Entries taken from a collection
******************************

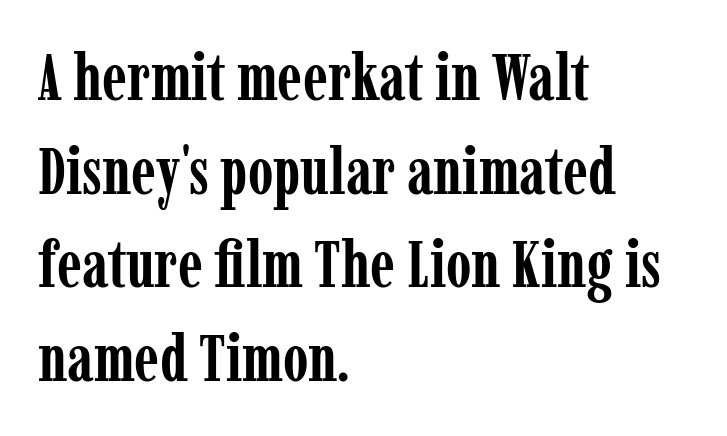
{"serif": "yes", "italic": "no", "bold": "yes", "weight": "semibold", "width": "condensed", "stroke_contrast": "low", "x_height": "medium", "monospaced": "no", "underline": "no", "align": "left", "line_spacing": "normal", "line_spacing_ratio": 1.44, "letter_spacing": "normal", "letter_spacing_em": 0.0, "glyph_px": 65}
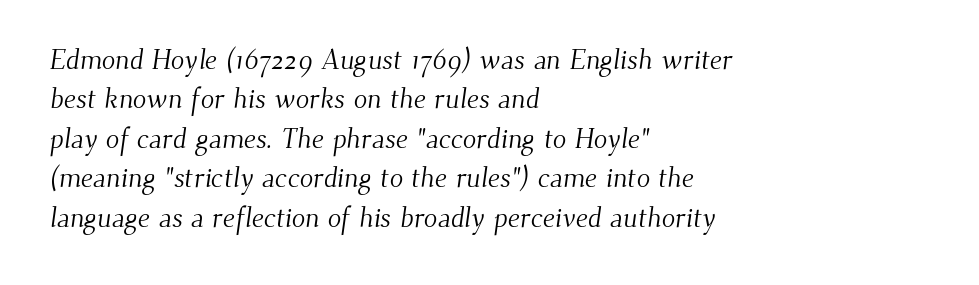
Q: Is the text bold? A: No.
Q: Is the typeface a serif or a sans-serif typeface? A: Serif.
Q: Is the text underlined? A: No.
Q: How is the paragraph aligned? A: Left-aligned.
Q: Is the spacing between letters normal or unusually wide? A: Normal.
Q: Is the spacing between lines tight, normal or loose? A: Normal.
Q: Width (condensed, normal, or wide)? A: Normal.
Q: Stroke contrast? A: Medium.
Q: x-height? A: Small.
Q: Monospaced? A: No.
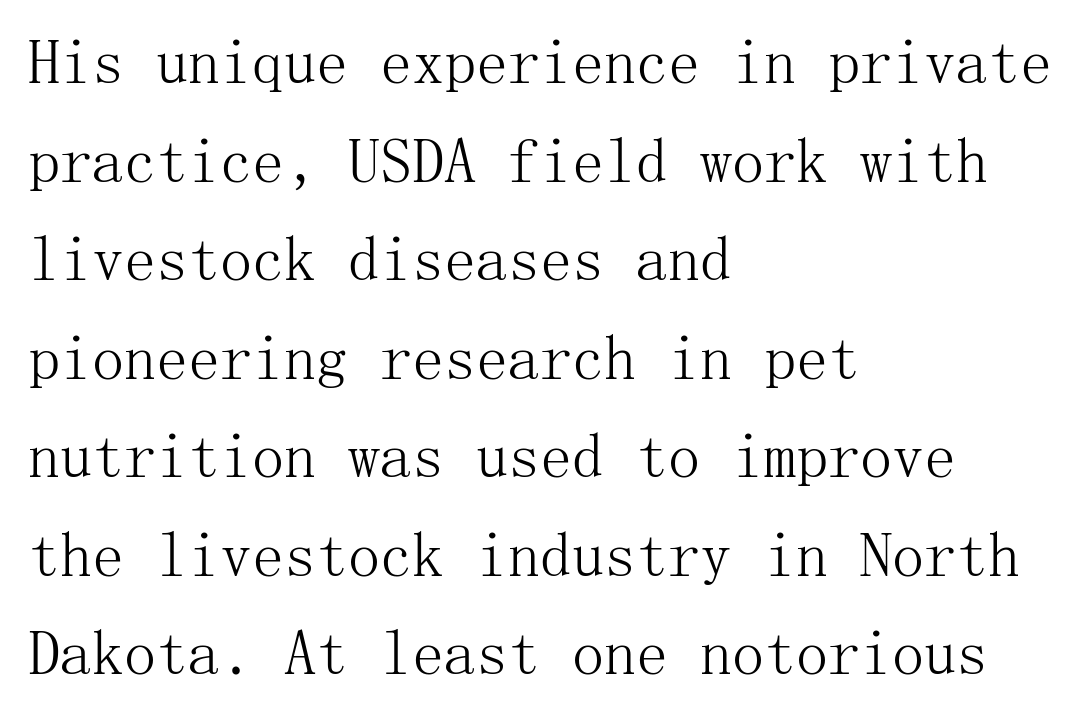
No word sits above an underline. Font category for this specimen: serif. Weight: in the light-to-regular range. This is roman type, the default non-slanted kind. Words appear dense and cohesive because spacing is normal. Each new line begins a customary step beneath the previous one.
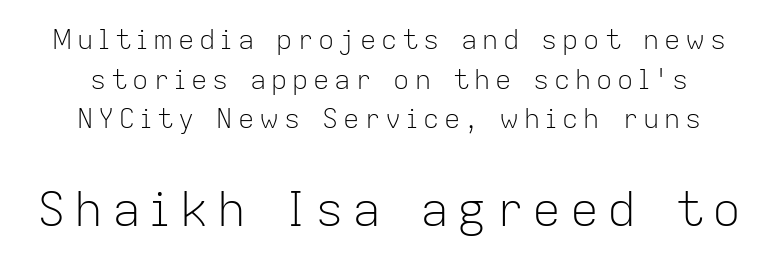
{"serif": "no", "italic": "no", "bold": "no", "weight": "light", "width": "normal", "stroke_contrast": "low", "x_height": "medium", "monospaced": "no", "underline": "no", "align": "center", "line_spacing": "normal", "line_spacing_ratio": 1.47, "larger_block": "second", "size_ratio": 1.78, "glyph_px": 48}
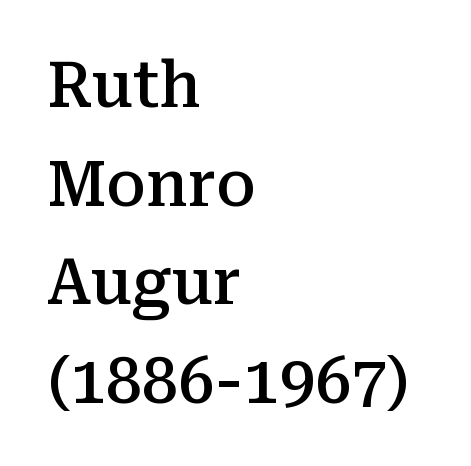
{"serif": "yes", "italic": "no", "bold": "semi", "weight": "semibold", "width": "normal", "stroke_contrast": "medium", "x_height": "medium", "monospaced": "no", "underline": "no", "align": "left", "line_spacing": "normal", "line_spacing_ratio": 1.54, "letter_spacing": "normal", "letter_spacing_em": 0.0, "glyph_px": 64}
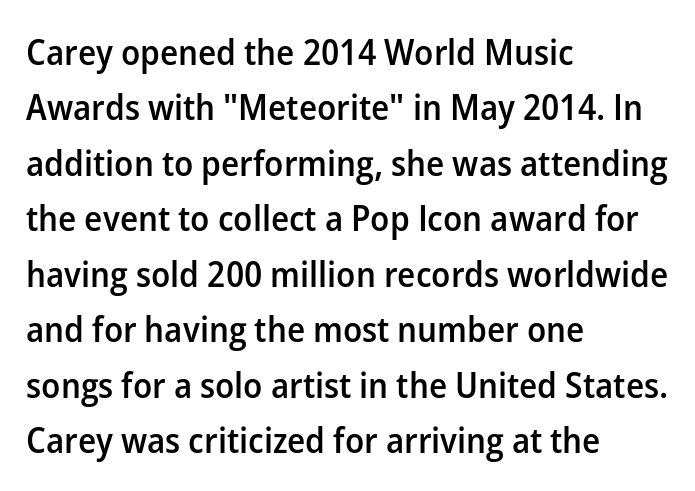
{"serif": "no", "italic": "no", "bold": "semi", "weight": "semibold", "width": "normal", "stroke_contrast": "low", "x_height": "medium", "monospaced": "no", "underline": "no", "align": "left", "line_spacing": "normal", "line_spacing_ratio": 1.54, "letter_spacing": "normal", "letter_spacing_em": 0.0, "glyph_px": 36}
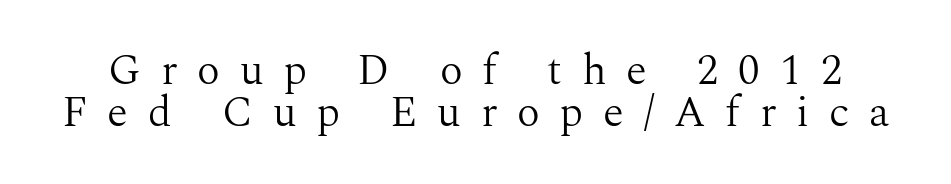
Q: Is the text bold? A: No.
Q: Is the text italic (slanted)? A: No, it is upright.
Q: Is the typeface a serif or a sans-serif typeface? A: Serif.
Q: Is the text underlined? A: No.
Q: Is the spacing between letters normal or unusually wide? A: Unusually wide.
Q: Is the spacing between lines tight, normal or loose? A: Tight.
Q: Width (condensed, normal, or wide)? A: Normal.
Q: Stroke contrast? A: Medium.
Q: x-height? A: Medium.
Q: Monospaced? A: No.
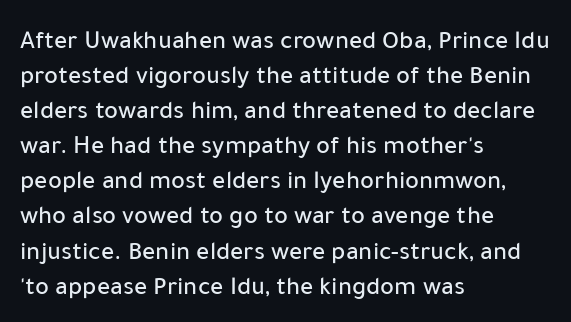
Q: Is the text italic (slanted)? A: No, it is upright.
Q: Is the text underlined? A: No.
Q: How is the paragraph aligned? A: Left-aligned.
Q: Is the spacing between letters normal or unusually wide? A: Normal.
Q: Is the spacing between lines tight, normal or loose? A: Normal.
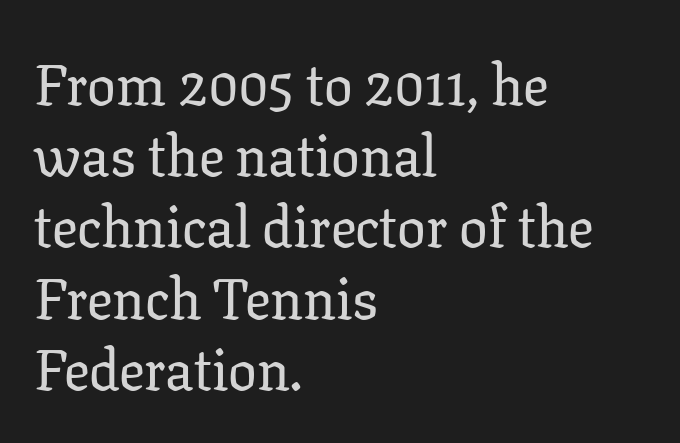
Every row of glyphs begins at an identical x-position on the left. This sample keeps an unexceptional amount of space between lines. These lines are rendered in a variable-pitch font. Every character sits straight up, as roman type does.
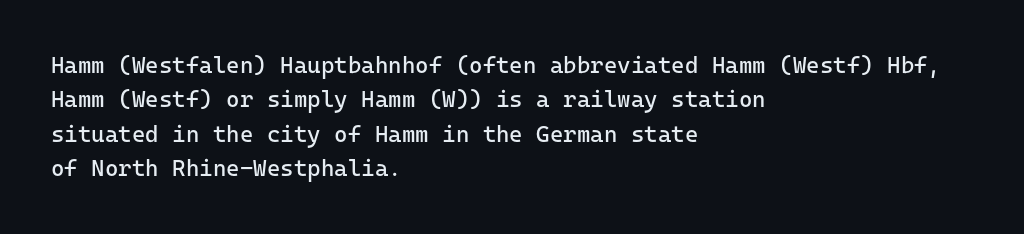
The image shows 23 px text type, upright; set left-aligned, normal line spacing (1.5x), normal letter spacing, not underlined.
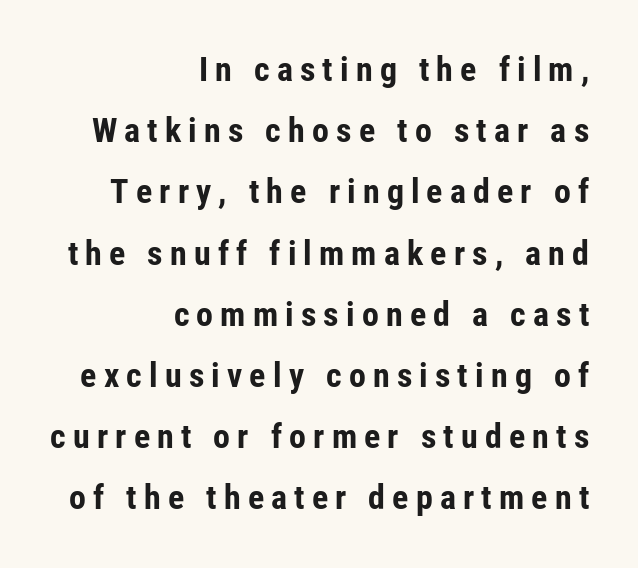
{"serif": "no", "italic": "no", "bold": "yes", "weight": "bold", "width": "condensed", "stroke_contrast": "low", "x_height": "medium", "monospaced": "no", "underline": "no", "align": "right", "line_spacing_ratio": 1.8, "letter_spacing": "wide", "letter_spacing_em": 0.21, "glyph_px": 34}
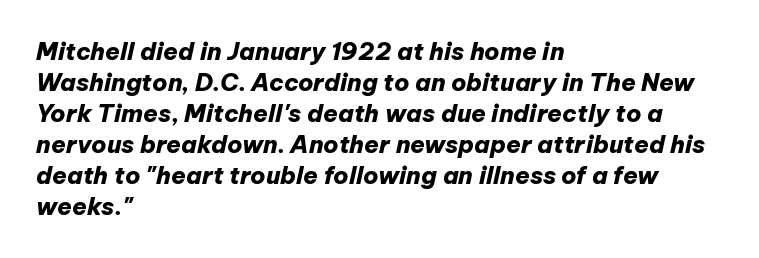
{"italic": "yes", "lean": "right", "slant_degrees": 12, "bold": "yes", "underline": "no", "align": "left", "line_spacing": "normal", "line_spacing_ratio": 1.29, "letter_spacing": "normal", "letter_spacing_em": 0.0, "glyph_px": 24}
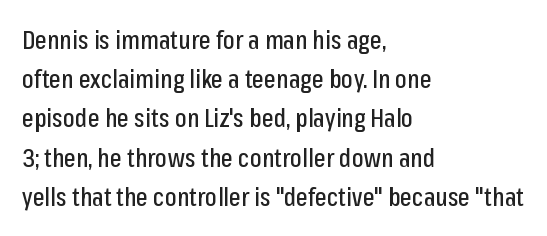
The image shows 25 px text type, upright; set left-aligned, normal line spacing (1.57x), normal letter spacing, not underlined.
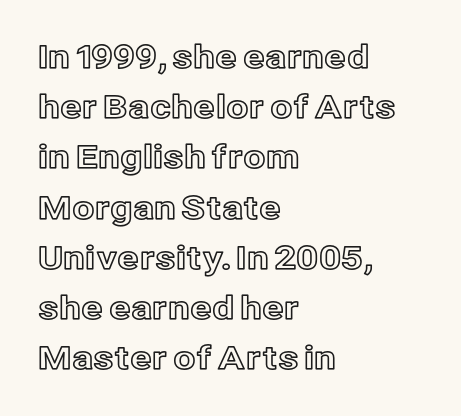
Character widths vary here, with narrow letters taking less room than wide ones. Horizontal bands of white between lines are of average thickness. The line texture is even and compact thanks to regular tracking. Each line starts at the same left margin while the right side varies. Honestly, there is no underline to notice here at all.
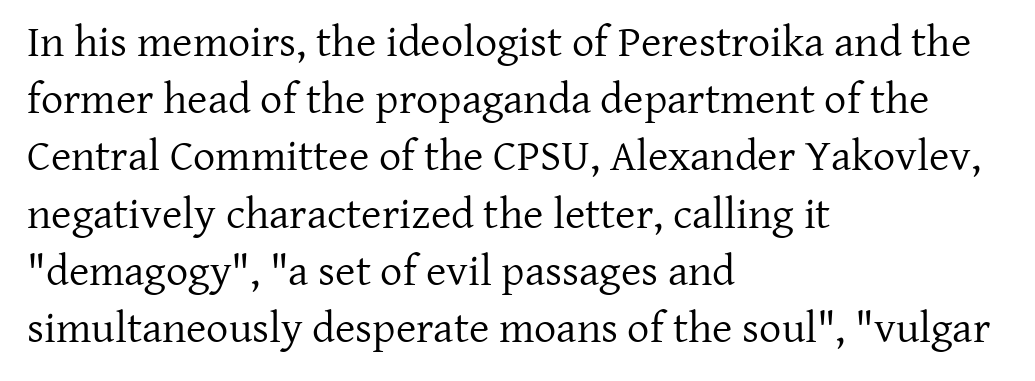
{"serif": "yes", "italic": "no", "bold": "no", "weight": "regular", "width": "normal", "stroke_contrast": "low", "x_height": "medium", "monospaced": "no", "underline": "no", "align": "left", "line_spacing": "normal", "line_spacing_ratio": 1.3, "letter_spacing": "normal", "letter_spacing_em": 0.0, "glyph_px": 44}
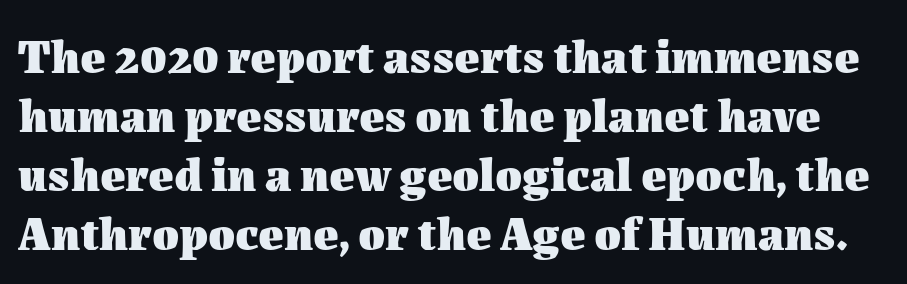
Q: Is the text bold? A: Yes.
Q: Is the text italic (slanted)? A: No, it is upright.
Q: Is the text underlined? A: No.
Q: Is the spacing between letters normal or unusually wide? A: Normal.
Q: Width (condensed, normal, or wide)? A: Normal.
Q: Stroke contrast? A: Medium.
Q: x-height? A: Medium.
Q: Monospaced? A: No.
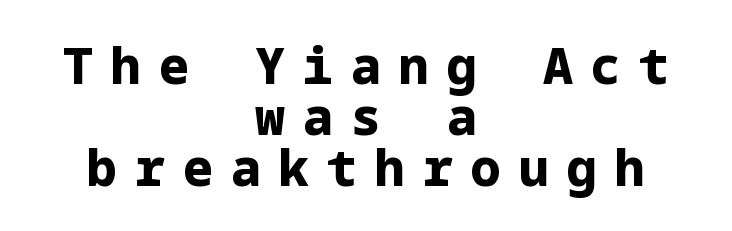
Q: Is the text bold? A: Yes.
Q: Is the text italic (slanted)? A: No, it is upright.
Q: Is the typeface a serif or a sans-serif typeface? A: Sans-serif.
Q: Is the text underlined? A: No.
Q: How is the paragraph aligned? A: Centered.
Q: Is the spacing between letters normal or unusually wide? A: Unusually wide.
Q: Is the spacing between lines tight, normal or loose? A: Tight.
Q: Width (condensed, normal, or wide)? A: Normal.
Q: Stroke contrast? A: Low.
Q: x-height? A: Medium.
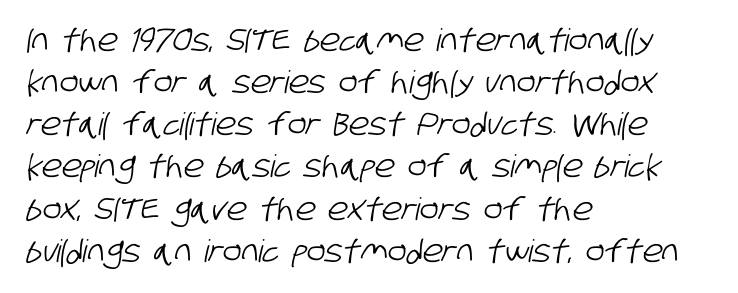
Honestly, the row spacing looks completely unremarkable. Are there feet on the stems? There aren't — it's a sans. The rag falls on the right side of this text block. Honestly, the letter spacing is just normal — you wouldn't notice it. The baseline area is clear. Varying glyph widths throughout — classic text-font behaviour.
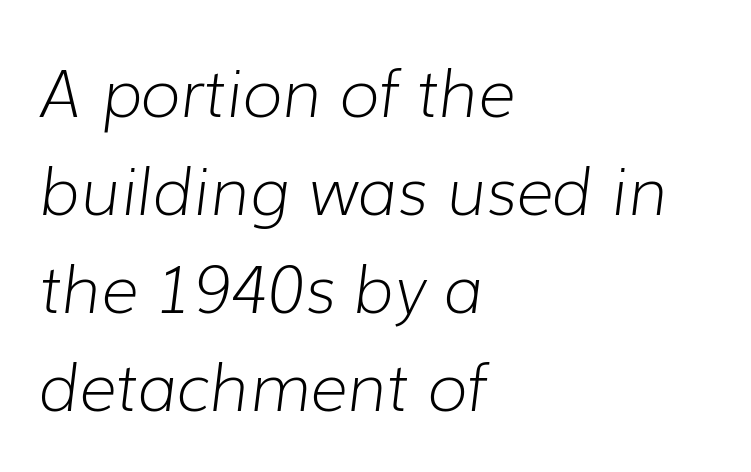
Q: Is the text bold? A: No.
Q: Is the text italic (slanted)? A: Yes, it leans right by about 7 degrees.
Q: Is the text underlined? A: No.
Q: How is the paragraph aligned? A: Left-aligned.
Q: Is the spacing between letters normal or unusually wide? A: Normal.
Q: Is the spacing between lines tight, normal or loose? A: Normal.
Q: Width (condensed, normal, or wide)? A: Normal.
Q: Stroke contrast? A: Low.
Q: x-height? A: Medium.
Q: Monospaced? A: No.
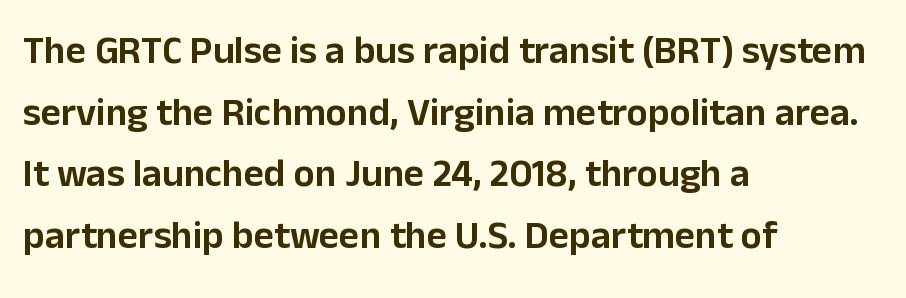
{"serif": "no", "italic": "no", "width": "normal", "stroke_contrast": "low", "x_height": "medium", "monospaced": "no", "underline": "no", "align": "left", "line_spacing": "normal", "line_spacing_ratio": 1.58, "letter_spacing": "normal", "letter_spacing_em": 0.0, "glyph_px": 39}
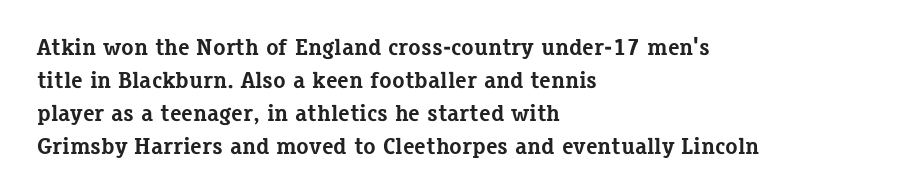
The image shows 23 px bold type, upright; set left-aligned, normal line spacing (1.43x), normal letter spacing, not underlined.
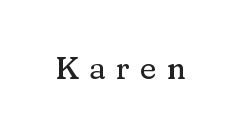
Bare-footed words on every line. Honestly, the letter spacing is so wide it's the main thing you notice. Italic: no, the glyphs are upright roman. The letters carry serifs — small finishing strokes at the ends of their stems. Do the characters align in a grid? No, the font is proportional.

******************************

■ Directions for this task ■
Where a line of the data above includes "light", copy that line.

■ Your response ■
No word sits above an underline. Font category for this specimen: serif. Weight: in the light-to-regular range. This is roman type, the default non-slanted kind. Words appear dense and cohesive because spacing is normal. Each new line begins a customary step beneath the previous one.
{"serif": "no", "italic": "no", "bold": "no", "weight": "light", "width": "normal", "stroke_contrast": "low", "x_height": "medium", "monospaced": "no", "underline": "no", "align": "center", "line_spacing": "normal", "line_spacing_ratio": 1.47, "larger_block": "second", "size_ratio": 1.78, "glyph_px": 48}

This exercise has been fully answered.